つまり|イルミナティは四方どこかの門から必ず侵入する《・・・・・・・・・・・・・・・・・・・・・・》」
「なるほど。だから僕らとジックを見張りに配置したんですのね」
「でもシレーナ先輩。今だけでも結界の種類を変えられないの?」
「それができたら苦労しないよ~」
先輩は俯いて首を横に振る。いかにも悔しそうな表情が前髪の間からちらりと見える。自分たちではどうすることもできないと言いたげだ。
「……魔法府絡みですか」
唐突にディランが呟いた。
「正解よく分かったね」
「魔法府って国会とか内閣みたいなもの? それが関係してんのか?」
「ええ。昨年でした。魔法府のトップが交代したんですよ。同時に教育機関に対して異常にまで細かい法律が定められました。
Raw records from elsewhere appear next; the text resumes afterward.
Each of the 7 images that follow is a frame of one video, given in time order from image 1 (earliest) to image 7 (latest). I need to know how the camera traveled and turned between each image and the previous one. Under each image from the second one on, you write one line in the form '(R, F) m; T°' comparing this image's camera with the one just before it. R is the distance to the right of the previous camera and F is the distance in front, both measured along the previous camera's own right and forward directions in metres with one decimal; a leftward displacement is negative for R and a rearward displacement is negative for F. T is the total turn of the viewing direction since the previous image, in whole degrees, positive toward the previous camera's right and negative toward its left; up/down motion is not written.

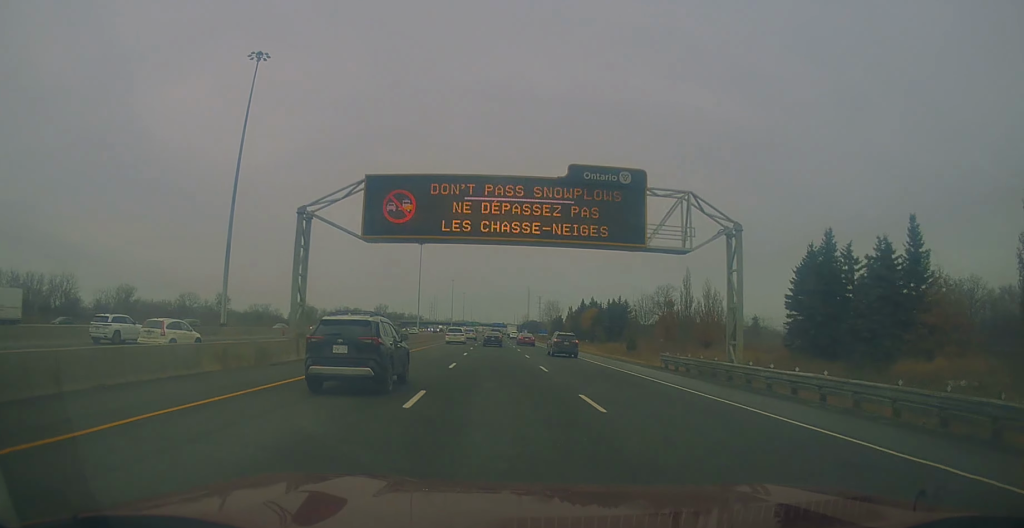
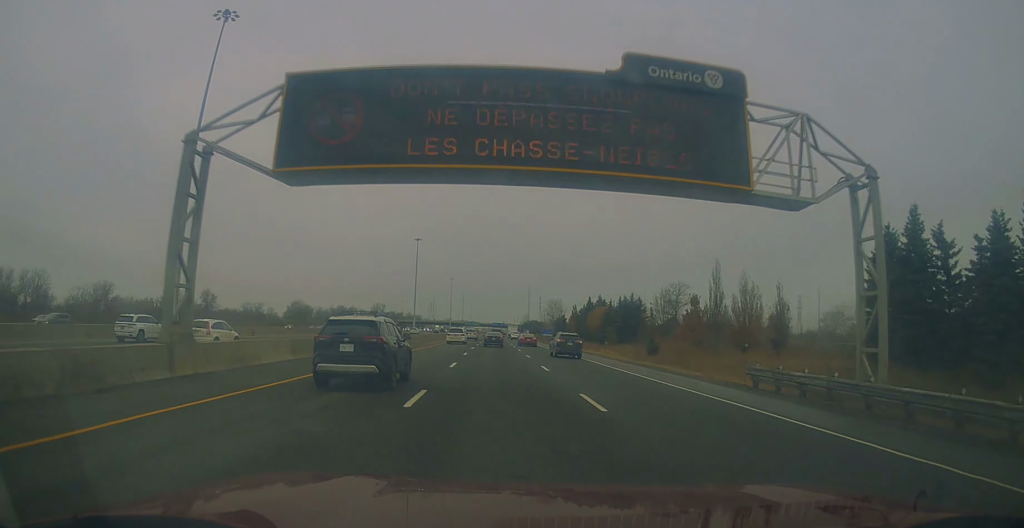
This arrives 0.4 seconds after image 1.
(-0.1, +11.9) m; +1°
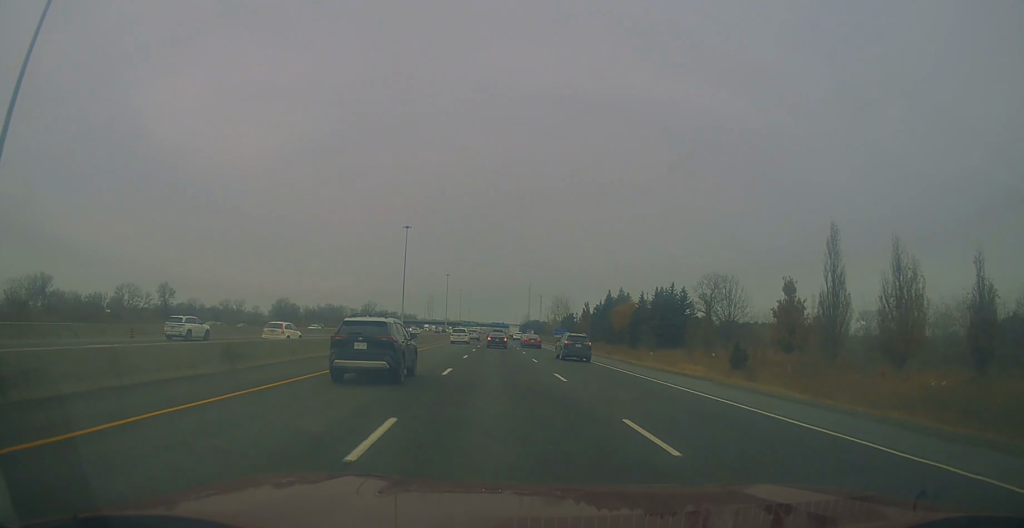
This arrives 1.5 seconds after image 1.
(+0.6, +28.3) m; 0°
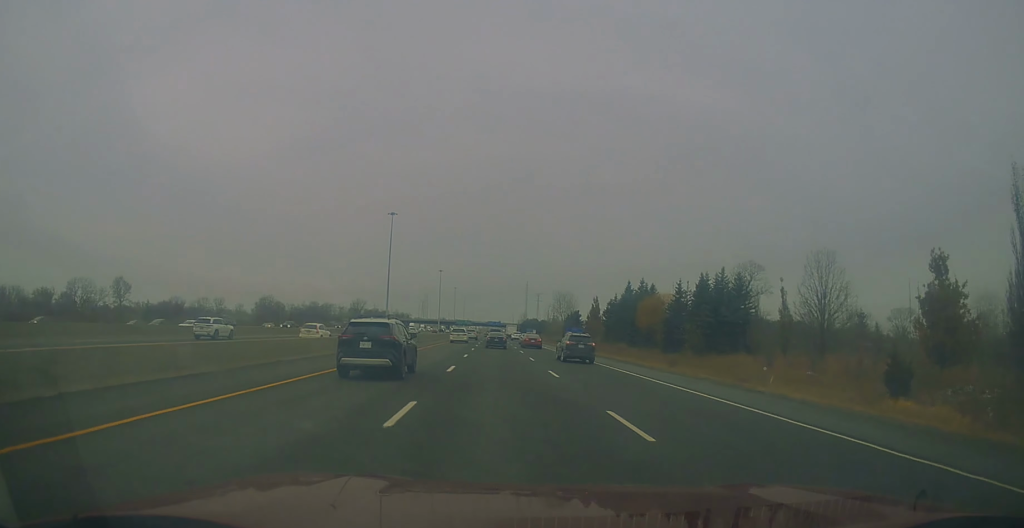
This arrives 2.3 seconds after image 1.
(-0.3, +22.8) m; -1°
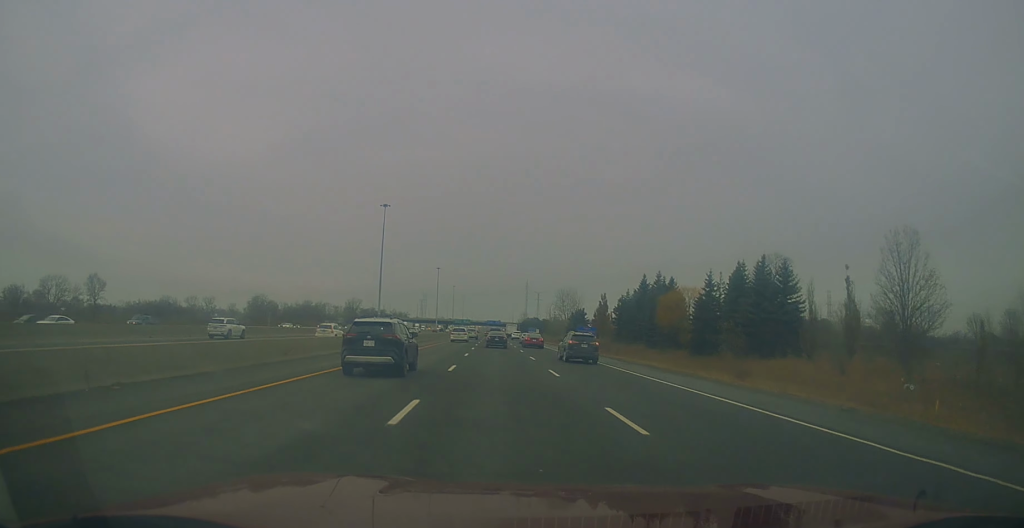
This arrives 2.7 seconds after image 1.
(-0.1, +11.9) m; 0°
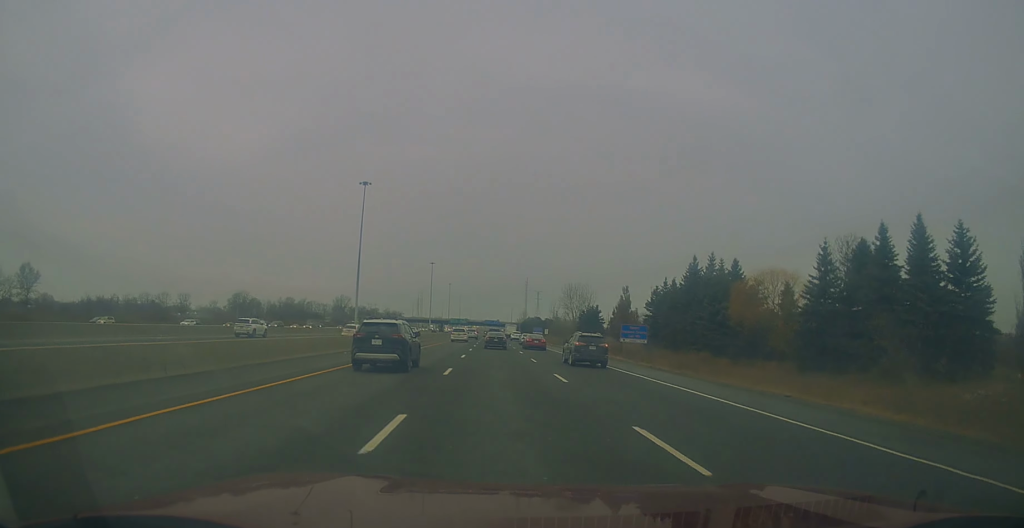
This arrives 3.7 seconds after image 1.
(-0.3, +26.3) m; +1°
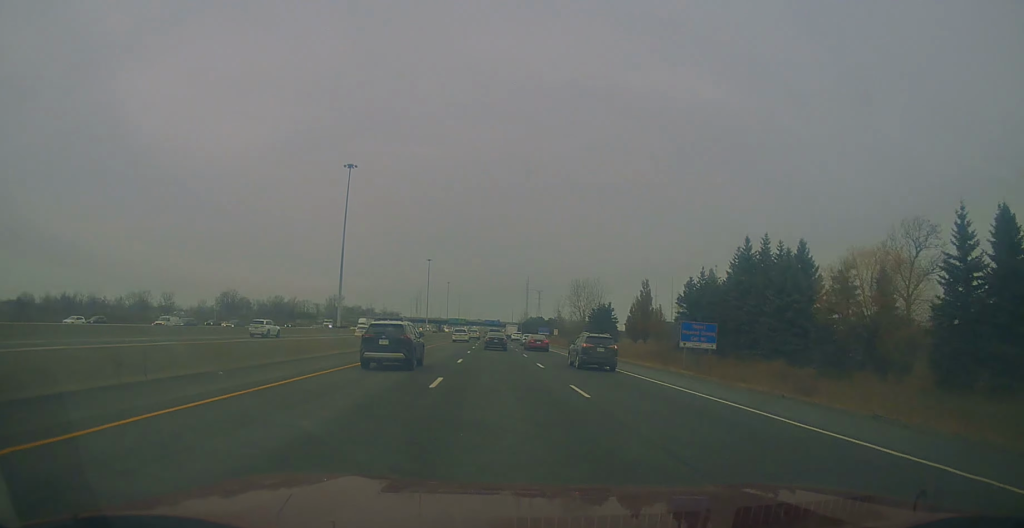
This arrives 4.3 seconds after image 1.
(+0.6, +16.2) m; +1°

僕は結界の種類や警備体制についても強制的に決められてしまったと聞いていますが」
「そんな。理不尽にも程がある。絶対そのトップって奴はイルミナティと組んでるわ。自分たちに有利なように法律を変えていくつもりなんじゃないの!!」
レベッカが血相を変えて叫んだ。
「残念ながら詳しくは存じません」
あまりの迫力にディランが申し訳なさそうに目を逸らす。
不平不満を述べるレベッカに同感する中、シレーナ先輩の背後からゆっくりと男の腕が忍び寄り、頭をがっしり掴んだ。不意を突かれた先輩が「ほにゃ」と謎の悲鳴を上げる。
「おい。いつまでふざけてるつもりだ。真面目に仕事しろ」
手の正体はフローズ先輩であった。
「えー。ヤダよ。……ちょっと聞いてんの」
抵抗虚しくズルズル引きずられていくシレーナ先輩。